EDITORIAL

Estrechar el cerco al delito económico

El Consejo de Ministros estudió el viernes las líneas maestras de la reforma del Código Penal, que pretende actualizar el catálogo de delitos y la relación de penas para dar protección contra actividades delictivas de carácter social y económico de nuevo cuño o aquellas que se han ido sofisticando con el paso del tiempo. Así, los comportamientos delictivos en seguridad vial o figuras de reciente aparición como el acoso laboral tendrán reflejo penal tipificado. La reforma se detiene también en los delitos de carácter económico y pone el foco en operativas recientes que estaban al margen del Código Penal.

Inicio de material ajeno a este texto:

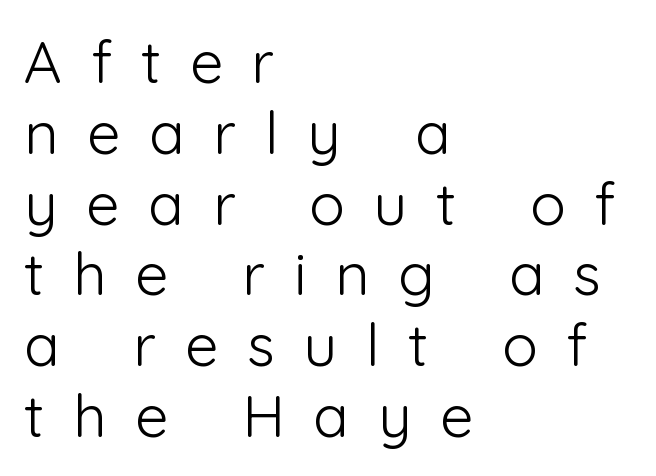
The image shows 59 px light sans-serif type, upright; set left-aligned, line spacing 1.2x, unusually wide letter spacing (+0.49 em), not underlined; low stroke contrast and a medium x-height.
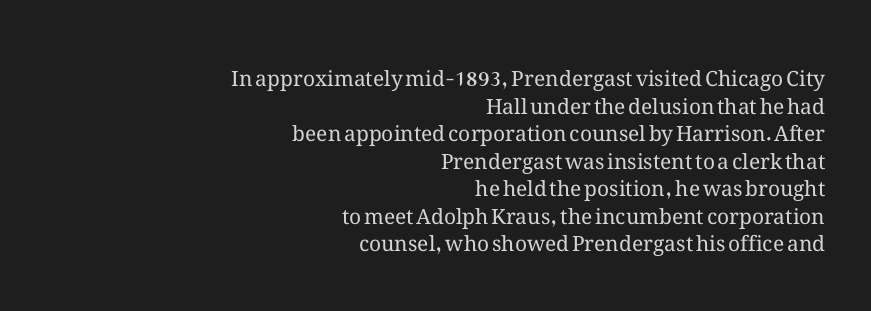
{"italic": "no", "bold": "no", "underline": "no", "align": "right", "line_spacing": "normal", "line_spacing_ratio": 1.31, "letter_spacing": "normal", "letter_spacing_em": 0.0, "glyph_px": 21}
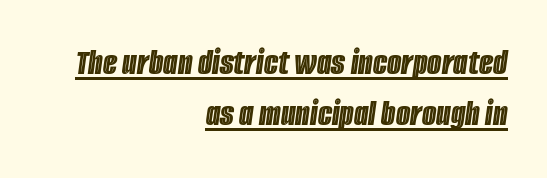
Q: Is the text italic (slanted)? A: Yes, it leans right by about 8 degrees.
Q: Is the text underlined? A: Yes.
Q: How is the paragraph aligned? A: Right-aligned.
Q: Is the spacing between letters normal or unusually wide? A: Normal.
Q: Is the spacing between lines tight, normal or loose? A: Normal.
Q: Width (condensed, normal, or wide)? A: Condensed.
Q: x-height? A: Large.
Q: Monospaced? A: No.
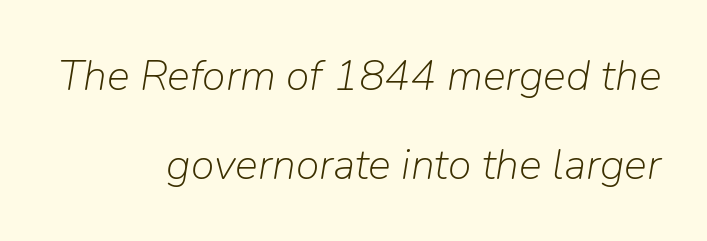
A typesetter would call this zero additional tracking. Quick note: italic. Looks like regular typesetting: each glyph gets only the width it needs. Descenders are the only things crossing below the line. The strokes carry an ordinary text weight at most. A student would call this right alignment; a typographer would say flush right, rag left.
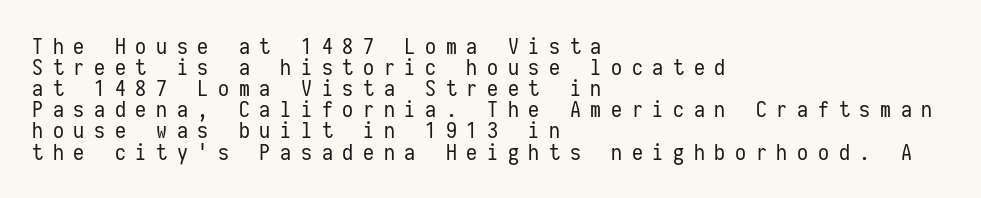
{"italic": "no", "bold": "no", "underline": "no", "align": "left", "line_spacing": "tight", "line_spacing_ratio": 0.96, "letter_spacing": "wide", "letter_spacing_em": 0.44, "glyph_px": 22}
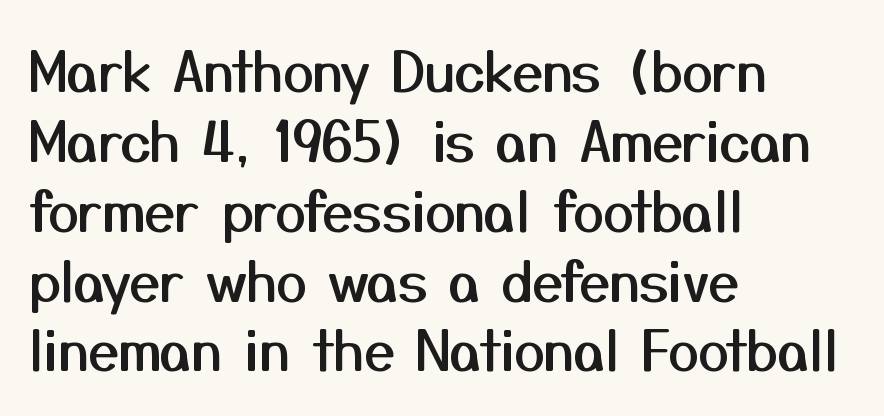
The image shows 55 px sans-serif type, upright; set left-aligned, normal line spacing (1.27x), normal letter spacing, not underlined; medium stroke contrast and a medium x-height.
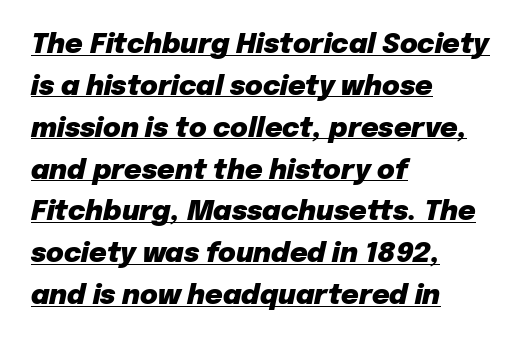
The image shows 27 px bold type, italic (leaning right); set left-aligned, normal line spacing (1.55x), normal letter spacing, underlined.
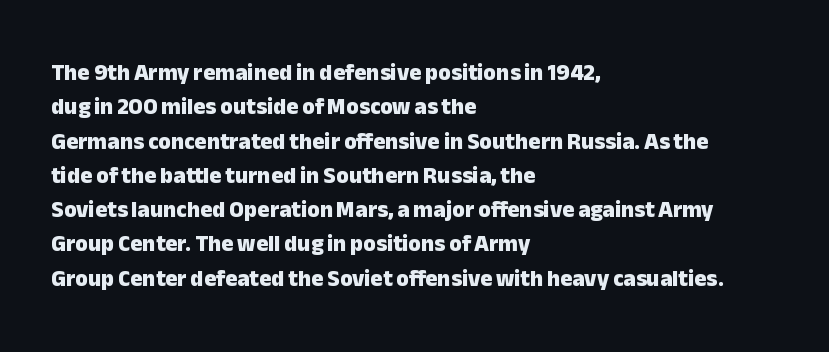
The image shows 23 px bold type, upright; set left-aligned, normal line spacing (1.49x), normal letter spacing, not underlined.
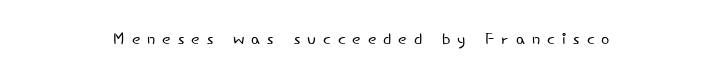
{"italic": "no", "bold": "no", "underline": "no", "align": "center", "letter_spacing": "wide", "letter_spacing_em": 0.32, "glyph_px": 22}
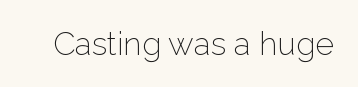
{"serif": "no", "italic": "no", "bold": "no", "weight": "light", "width": "normal", "stroke_contrast": "low", "x_height": "medium", "monospaced": "no", "underline": "no", "letter_spacing": "normal", "letter_spacing_em": 0.0, "glyph_px": 32}

Llama la atención la ampliación de cinco a diez años de la prescripción de los delitos contra Hacienda o la Seguridad Social, tras haber rebajado el umbral de cinco a cuatro recientemente. Las deudas con la Hacienda seguirán venciendo a los cuatro años, pero si su cuantía sobrepasa los 120.000 euros y las convierte en delito, las administraciones dispondrán de hasta diez años para cobrarlas. Justicia pretende así facilitar la investigación y la condena de casos de corrupción, cuya detección y resolución precisa de un periodo más dilatado. El futuro código establecerá también criterios objetivos inequívocos para determinar cuando se interrumpen los plazos, atajos legales en los que se han refugiado en el pasado infinidad de presuntos delincuentes económicos hasta salvar hacienda y libertad.

El código pretende extender a las sociedades mercantiles la responsabilidad penal de los gestores, castigar el clonado de tarjetas de crédito, ampliar el delito contable para castigar el falseamiento de cuentas, penar el uso de información privilegiada y alumbrar una nueva figura para perseguir las sociedades falsas o tapaderas. Además, crea una tipificación de delito específico para la estafa de inversiones, que recaerá sobre los administradores de sociedades que operen en mercados regulados que falseen balances o datos sobre la situación de las compañías. En suma, una ambiciosa y loable iniciativa, absolutamente necesaria para combatir fraudes cada vez más extendidos y sofisticado.